OK... If u already used it, then what makes u feel bad with Mac OS.... 



KPower Mania said:


> Think before you post....Young age dosent mean that I havent experienced anything .



OK.. Cool kiddo... I just pre-assume myself ...


----------



## tuluvaguy (Sep 22, 2008)

Have heard lot about MACOS X. It is not like runing the pc. Giving a try in not bad. Just to explore many things.

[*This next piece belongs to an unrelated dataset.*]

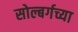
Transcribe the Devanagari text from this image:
सोल्बर्गच्या

So shouldn't I buy the MAC OSX and install on the assembled PC. Because, I dont want to spend too much on MAC hardware..


----------



## furious_gamer (Sep 22, 2008)

tuluvaguy said:


> Have heard lot about MACOS X. It is not like runing the pc. Giving a try in not bad. Just to explore many things.
> 
> So shouldn't I buy the MAC OSX and install on the assembled PC. Because, I dont want to spend too much on MAC hardware..



Just do whatever u wish, and since u said giving a try is not bad, i agree that. So let buy it(I wonder if it avail w/o MAC Hardware) and give it a try and let us know how it is..


----------



## Cool Joe (Sep 22, 2008)

rajkumar_pb said:


> OK... If u already used it, then what makes u feel bad with Mac OS....



It's obvious isn't it???
He's a gamer and gamers don't go well with Mac OS. It's better to use Vista than Mac OSX. You get all the eye candy and security, and you also get to game on it.


----------



## furious_gamer (Sep 22, 2008)

beta testing said:
			
		

> It's obvious isn't it???
> He's a gamer and gamers don't go well with Mac OS. It's better to use Vista than Mac OSX. You get all the eye candy and security, and you also get to game on it.



I just forgot that... How i am...

BTW I agree that for gaming Vista is better than Mac OS and now i get the reason y KPowerMania blaming Mac OS....


----------



## tuluvaguy (Sep 22, 2008)

As far am concerned, am not an extreme gamer. I just think dual boot would do fine if I wish to play games


----------



## furious_gamer (Sep 22, 2008)

tuluvaguy said:


> As far am concerned, am not an extreme gamer. I just think dual boot would do fine if I wish to play games


 .. Go with it man.. NO harm in it..


----------



## comp@ddict (Sep 22, 2008)

KPower Mania said:


> ^^Ha!
> 
> How do you know if have used it or not ??
> 
> Think before you post....Young age dosent mean that I havent experienced anything .




AGE NO BARRIERS


----------



## tuluvaguy (Sep 22, 2008)

I found accross this Web site osx86project. org while browsing. I think it covers most of the thing about installing MAC OSX in an assembled PC. However, please delete the URL if I was not supposed to post it here.


----------



## Cool Joe (Sep 22, 2008)

No probs dude!! Go with your setup, it's fine.


----------



## comp@ddict (Sep 22, 2008)

Yeah, jus stick 2 Vista but


----------



## Psychosocial (Sep 22, 2008)

^^Let him see his PC ruined by Mac.....atleast once .


----------



## Cool Joe (Sep 22, 2008)

Let him just try if he wants to. If he doesn't like it, he can always remove it. Anyways, he will be dual booting with XP/ Vista.


----------